* How to complete this task
The listing below must be returned in full and unchanged, without the images it carries.

* Data extracts
************

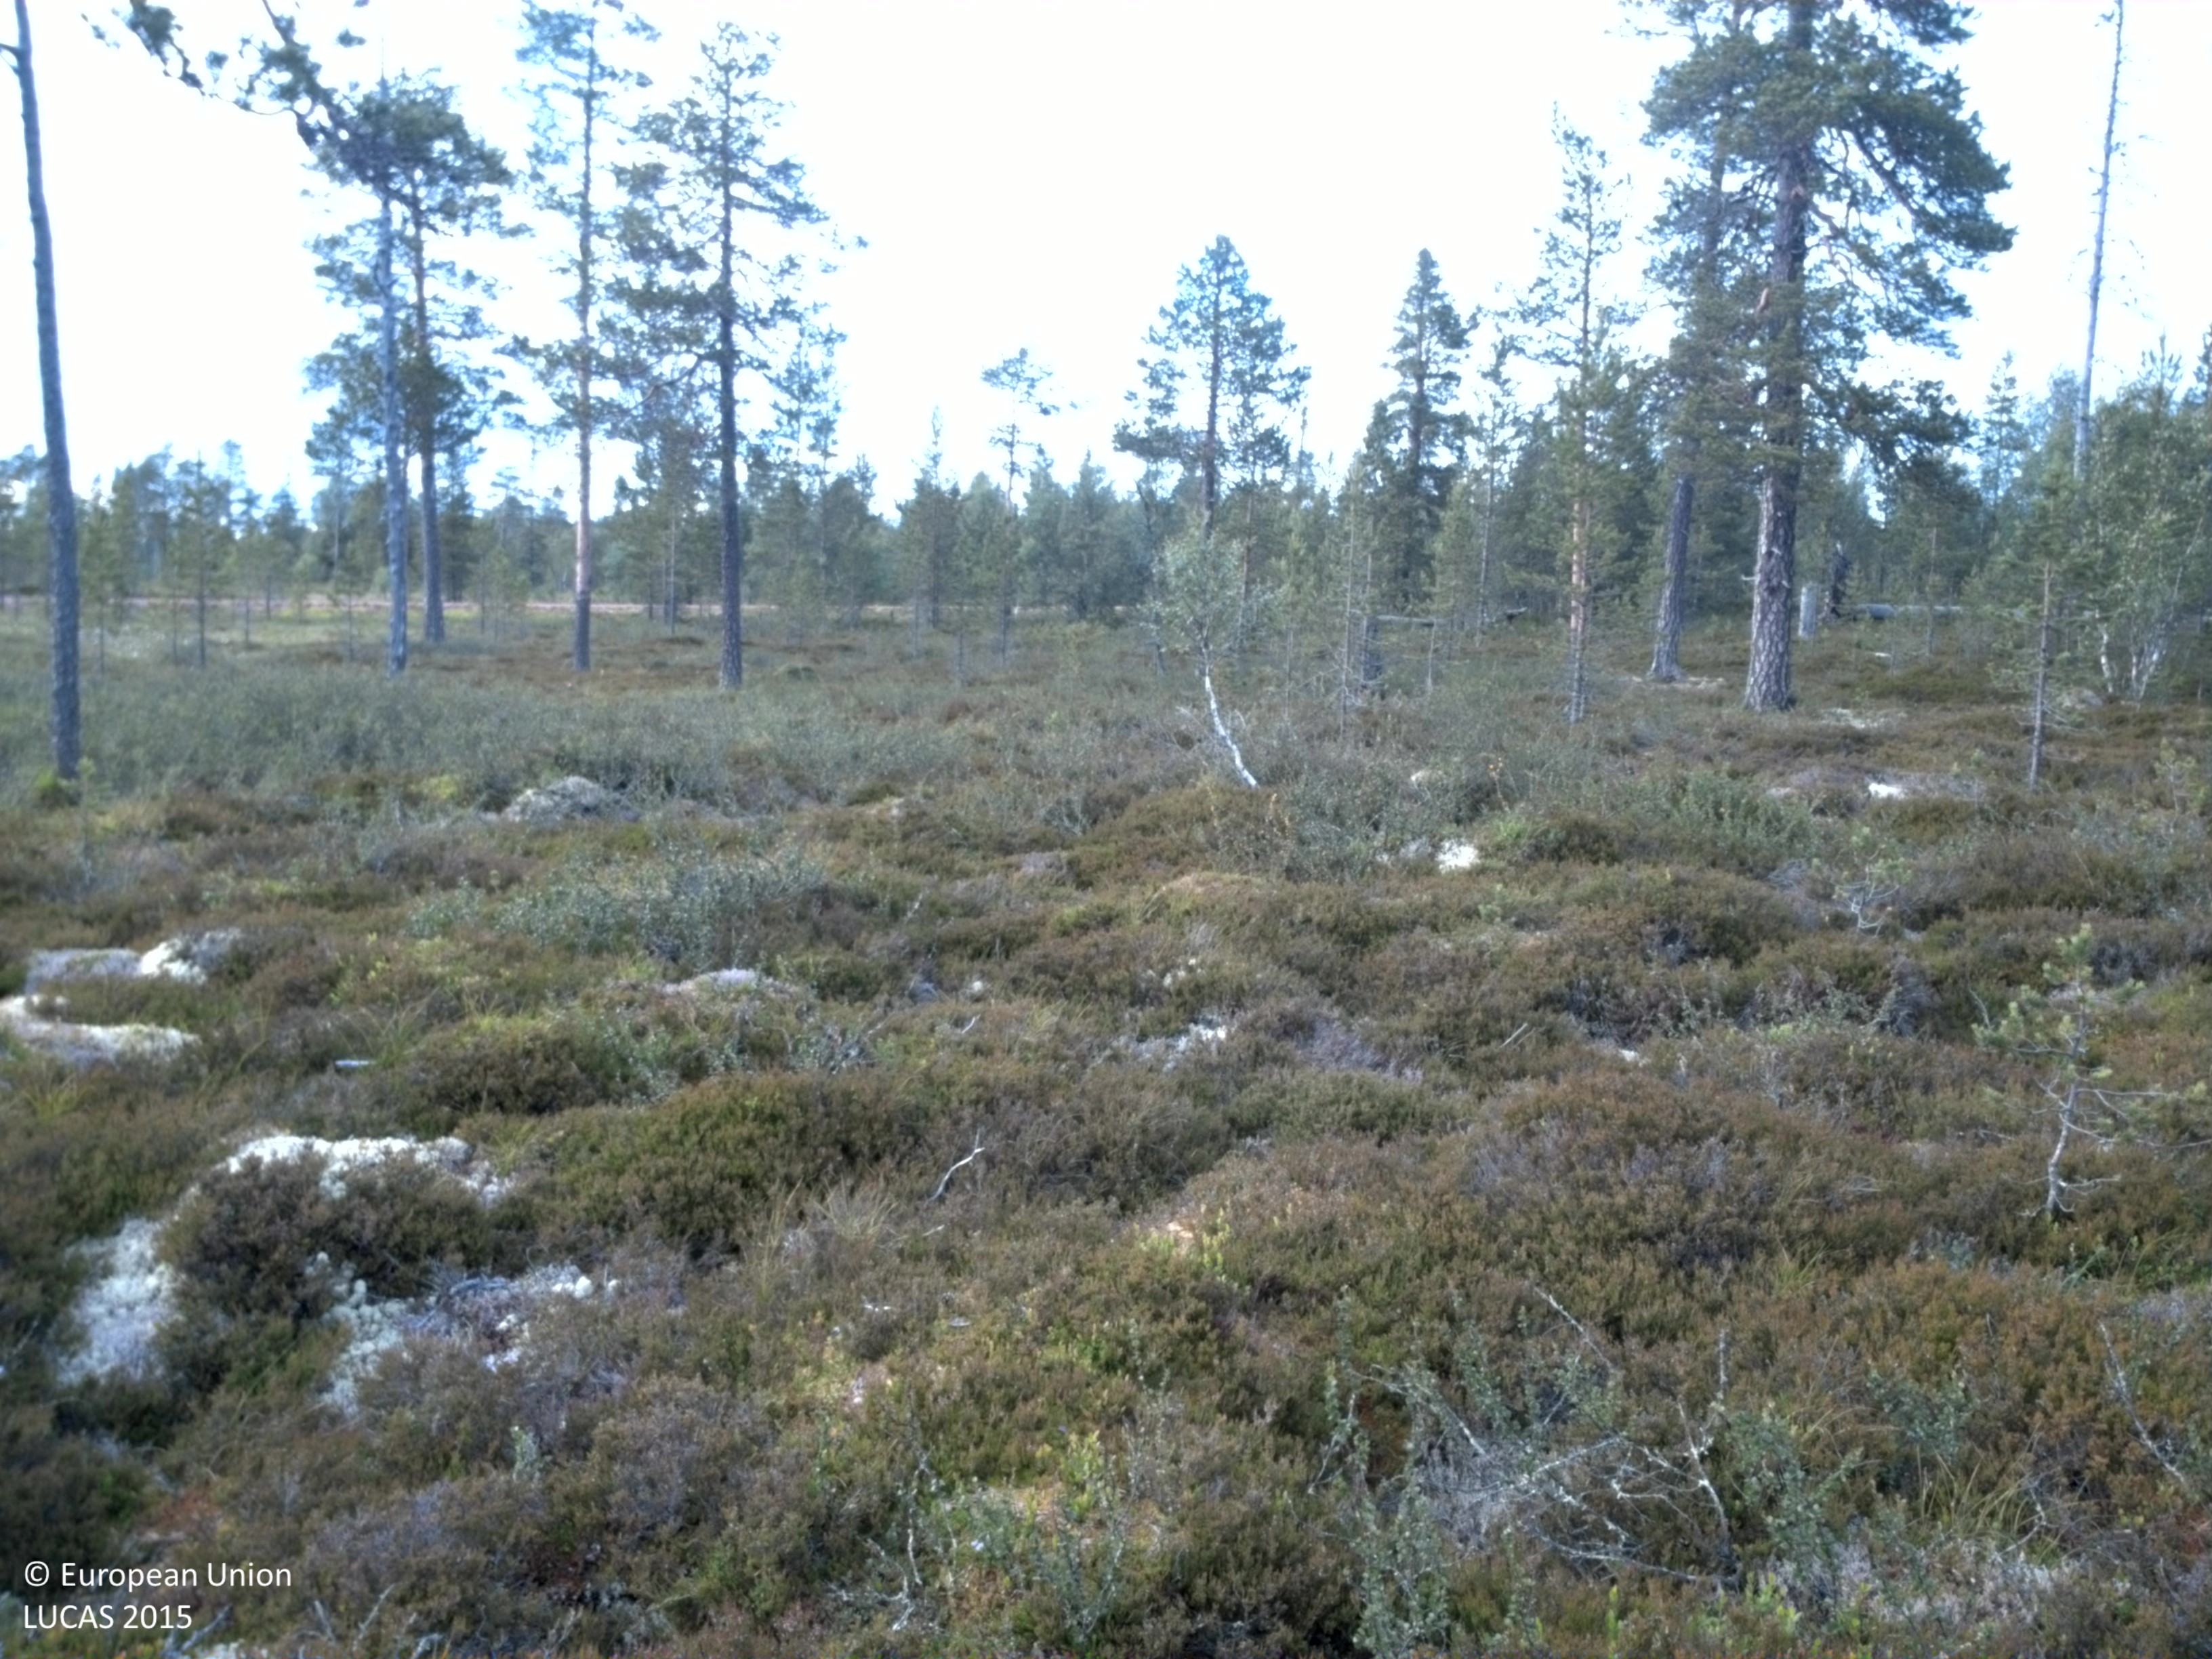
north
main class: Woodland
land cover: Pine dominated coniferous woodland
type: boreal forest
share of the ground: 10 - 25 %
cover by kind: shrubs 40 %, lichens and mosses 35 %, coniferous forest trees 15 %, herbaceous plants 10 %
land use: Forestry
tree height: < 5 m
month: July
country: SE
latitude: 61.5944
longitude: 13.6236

************

* Solution to the problem
north
main class: Woodland
land cover: Pine dominated coniferous woodland
type: boreal forest
share of the ground: 10 - 25 %
cover by kind: shrubs 40 %, lichens and mosses 35 %, coniferous forest trees 15 %, herbaceous plants 10 %
land use: Forestry
tree height: < 5 m
month: July
country: SE
latitude: 61.5944
longitude: 13.6236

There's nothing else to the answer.